* _EXERCISE AIM_:
Word-for-word transcription: reproduce all of the data, but not the pictures.

PROVIDED RECORDS: Begin

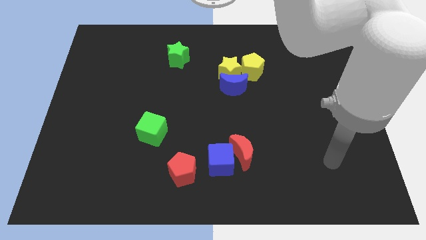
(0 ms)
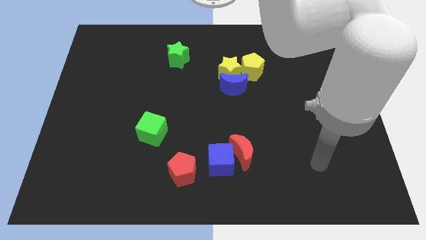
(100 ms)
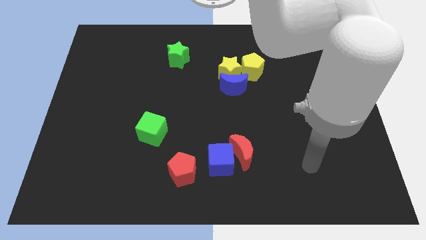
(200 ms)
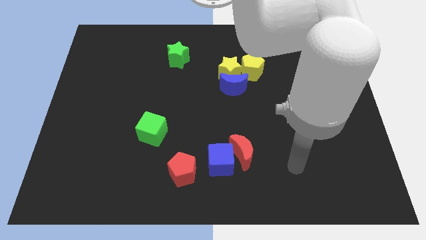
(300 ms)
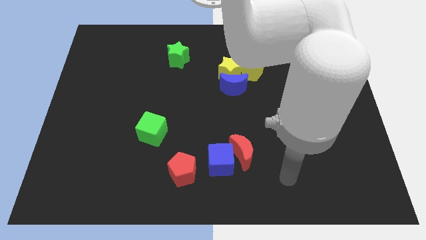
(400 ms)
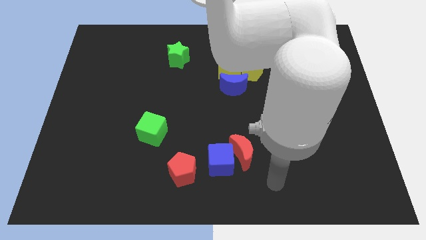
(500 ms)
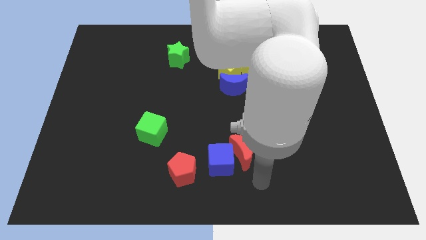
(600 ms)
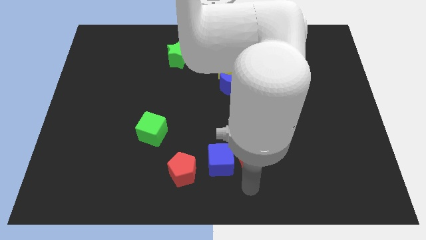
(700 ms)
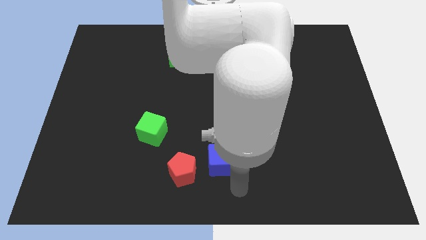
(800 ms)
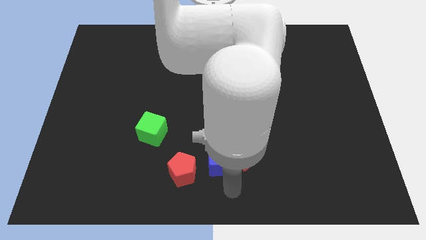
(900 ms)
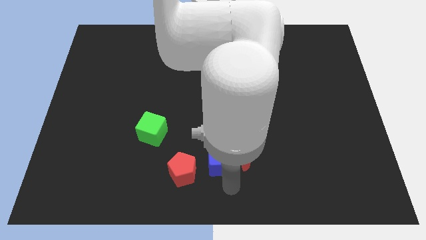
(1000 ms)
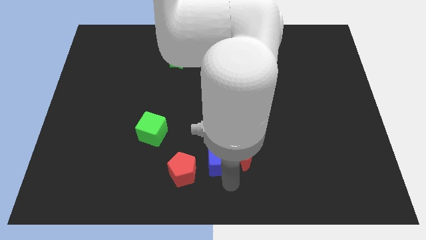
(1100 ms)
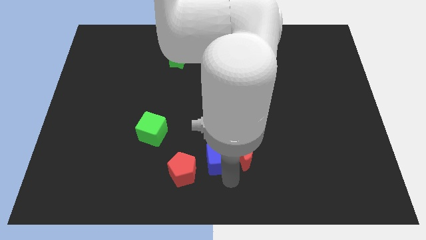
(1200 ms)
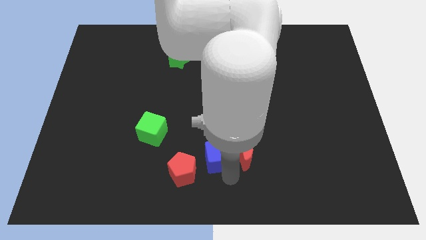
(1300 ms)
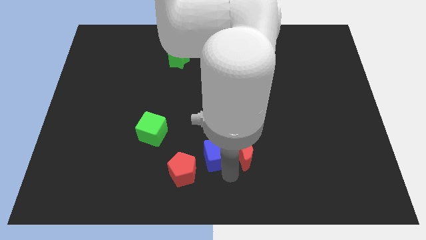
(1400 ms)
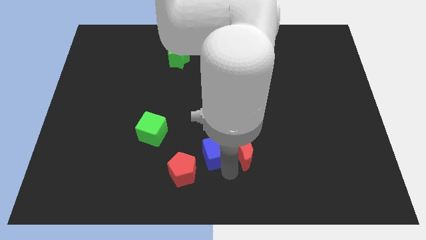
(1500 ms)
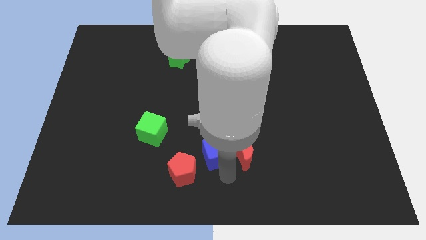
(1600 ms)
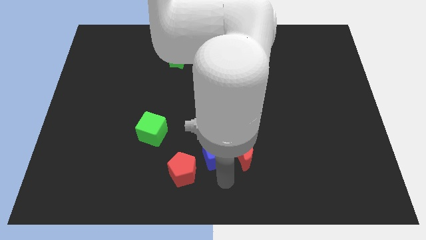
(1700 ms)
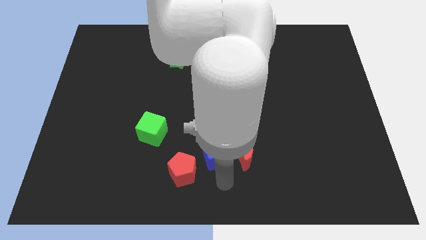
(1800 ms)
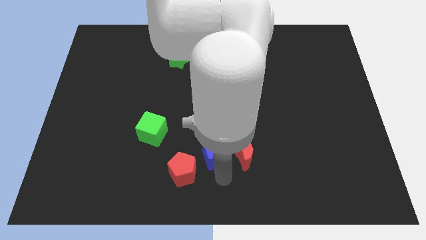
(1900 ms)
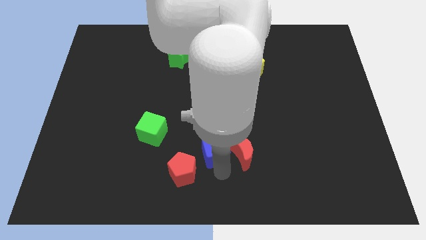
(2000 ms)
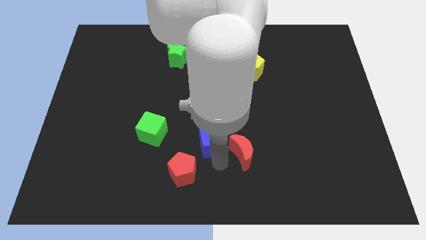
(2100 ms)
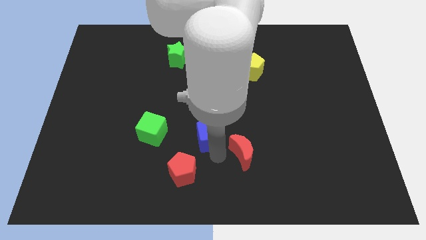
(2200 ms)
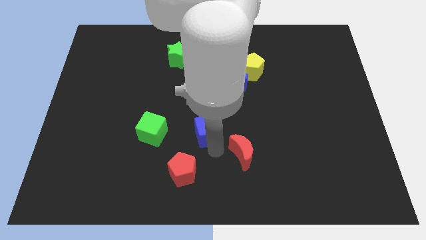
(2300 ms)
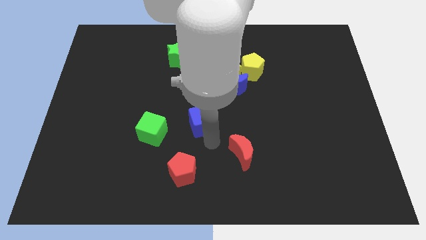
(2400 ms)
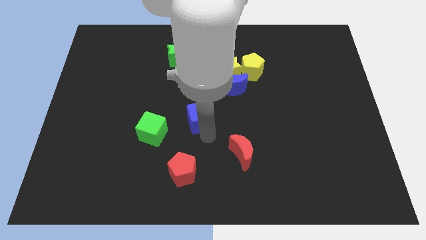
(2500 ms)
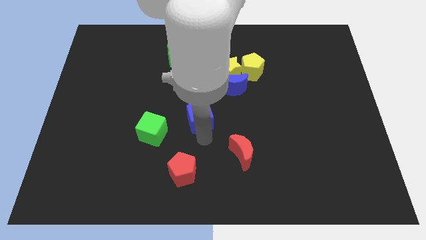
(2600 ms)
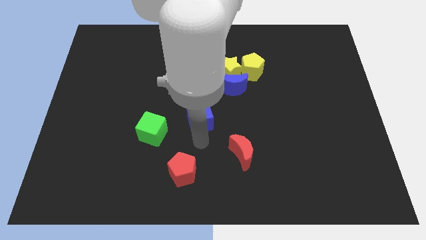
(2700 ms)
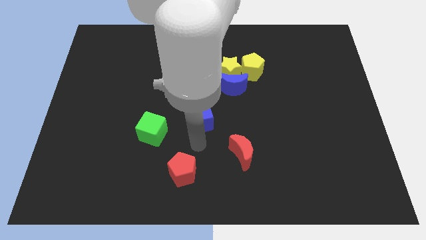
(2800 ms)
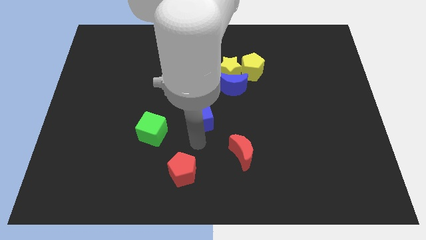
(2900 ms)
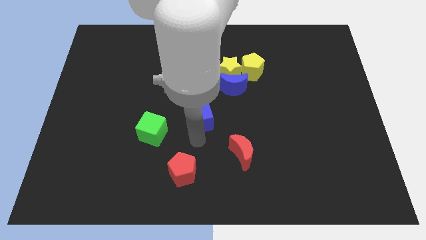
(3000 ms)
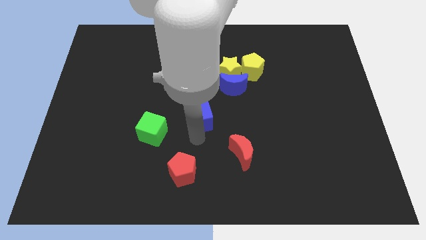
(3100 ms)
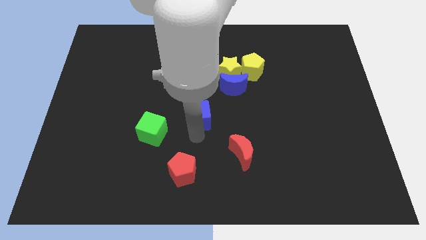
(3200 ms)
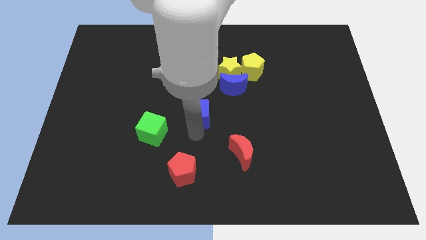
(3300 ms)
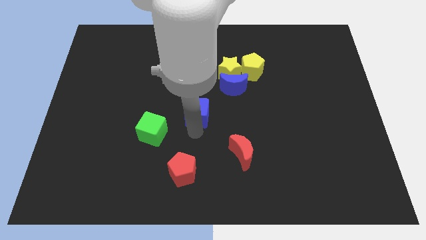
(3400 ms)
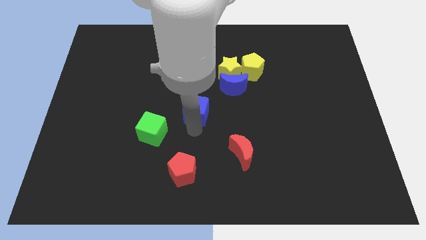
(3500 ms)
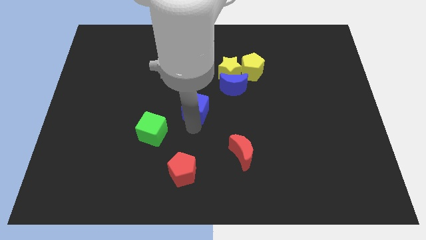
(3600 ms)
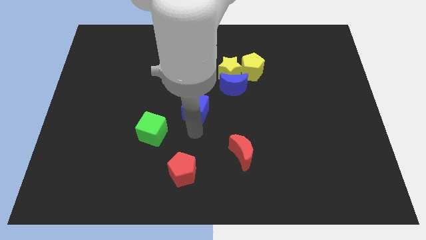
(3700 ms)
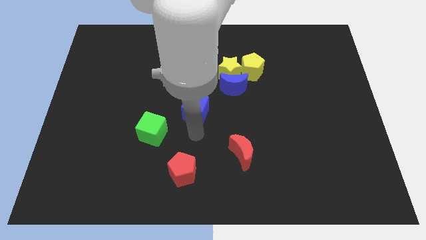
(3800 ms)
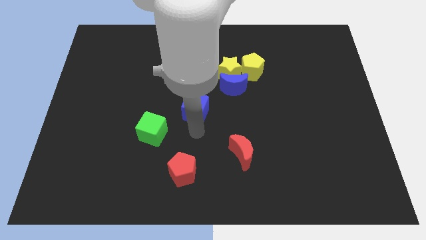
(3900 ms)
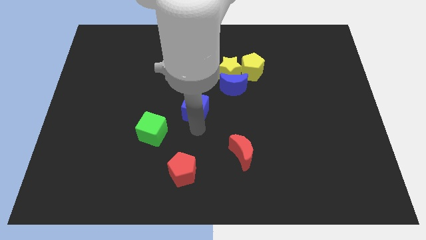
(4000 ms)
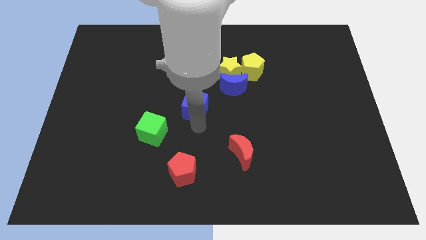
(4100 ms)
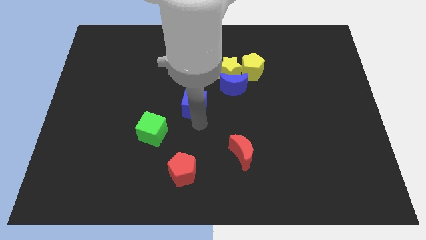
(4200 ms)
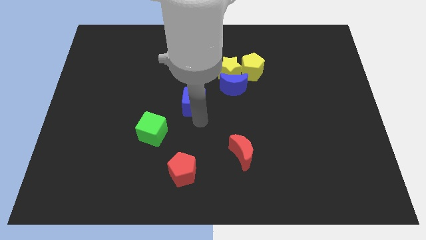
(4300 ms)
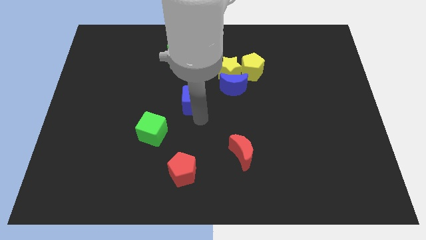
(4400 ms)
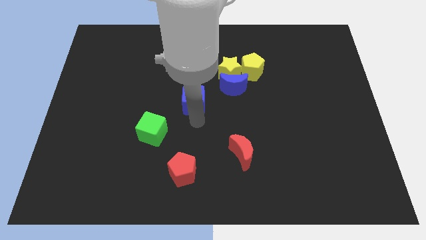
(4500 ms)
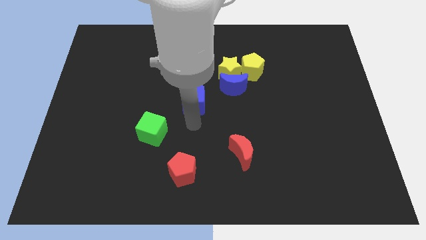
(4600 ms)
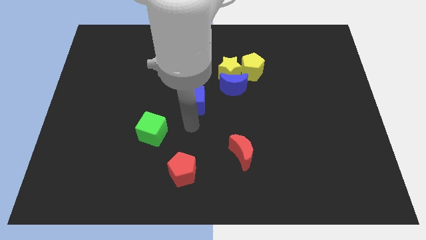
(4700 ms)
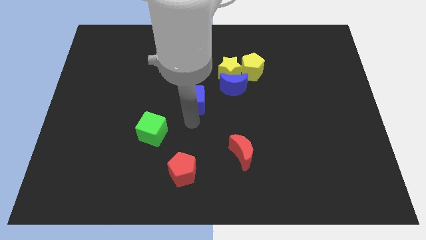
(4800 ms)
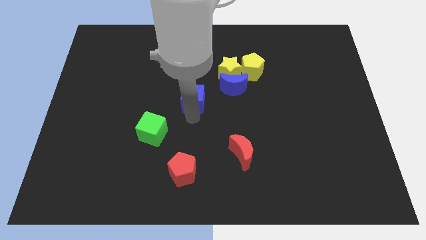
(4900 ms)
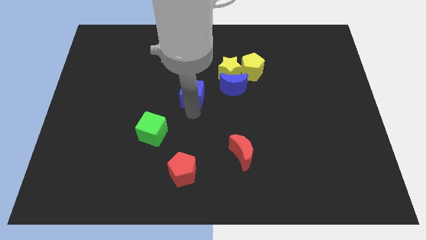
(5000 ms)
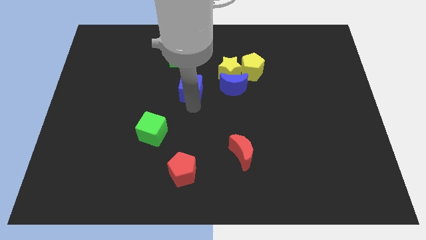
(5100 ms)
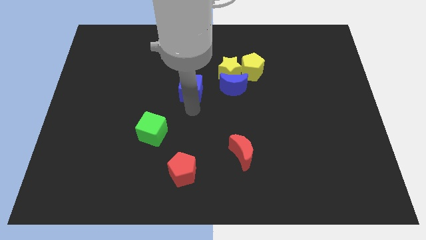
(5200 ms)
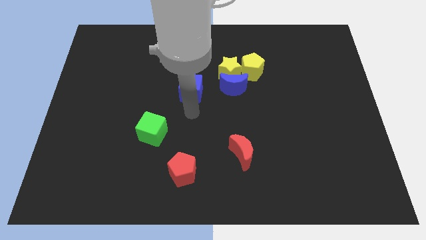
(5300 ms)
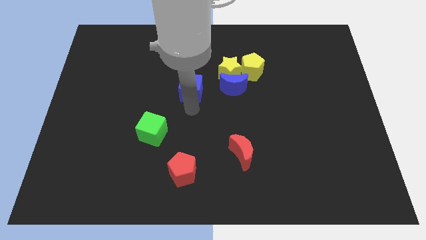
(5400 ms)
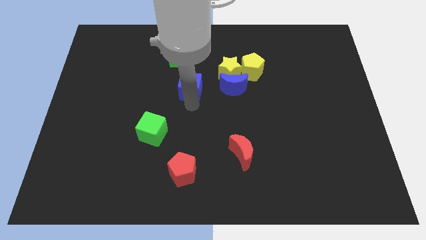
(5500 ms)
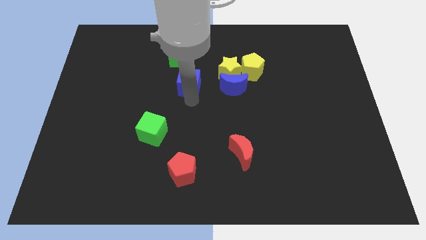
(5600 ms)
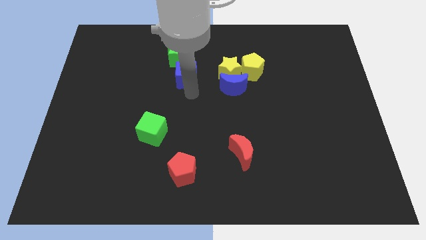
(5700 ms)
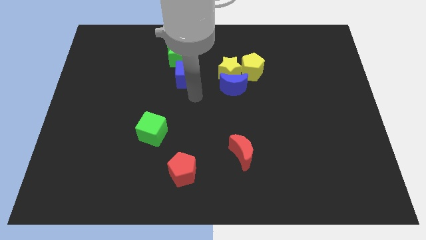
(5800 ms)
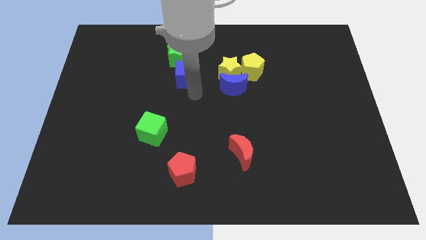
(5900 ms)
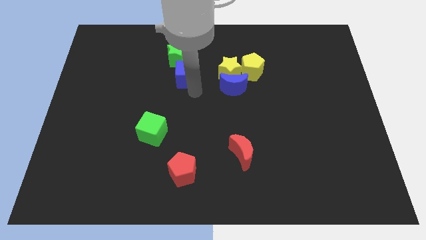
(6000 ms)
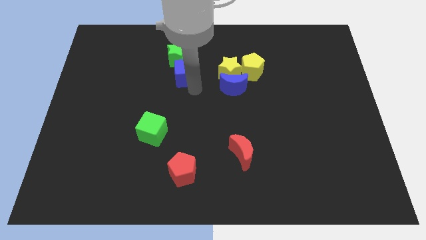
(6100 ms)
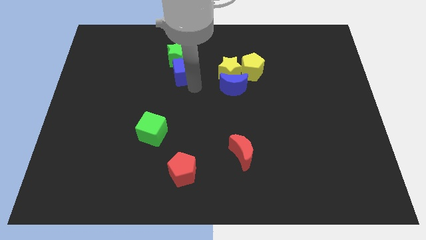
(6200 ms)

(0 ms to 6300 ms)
slide the blue cube to the green star

PROVIDED RECORDS: End

* _EXERCISE RESPONSE_:
(0 ms)
(100 ms)
(200 ms)
(300 ms)
(400 ms)
(500 ms)
(600 ms)
(700 ms)
(800 ms)
(900 ms)
(1000 ms)
(1100 ms)
(1200 ms)
(1300 ms)
(1400 ms)
(1500 ms)
(1600 ms)
(1700 ms)
(1800 ms)
(1900 ms)
(2000 ms)
(2100 ms)
(2200 ms)
(2300 ms)
(2400 ms)
(2500 ms)
(2600 ms)
(2700 ms)
(2800 ms)
(2900 ms)
(3000 ms)
(3100 ms)
(3200 ms)
(3300 ms)
(3400 ms)
(3500 ms)
(3600 ms)
(3700 ms)
(3800 ms)
(3900 ms)
(4000 ms)
(4100 ms)
(4200 ms)
(4300 ms)
(4400 ms)
(4500 ms)
(4600 ms)
(4700 ms)
(4800 ms)
(4900 ms)
(5000 ms)
(5100 ms)
(5200 ms)
(5300 ms)
(5400 ms)
(5500 ms)
(5600 ms)
(5700 ms)
(5800 ms)
(5900 ms)
(6000 ms)
(6100 ms)
(6200 ms)

(0 ms to 6300 ms)
slide the blue cube to the green star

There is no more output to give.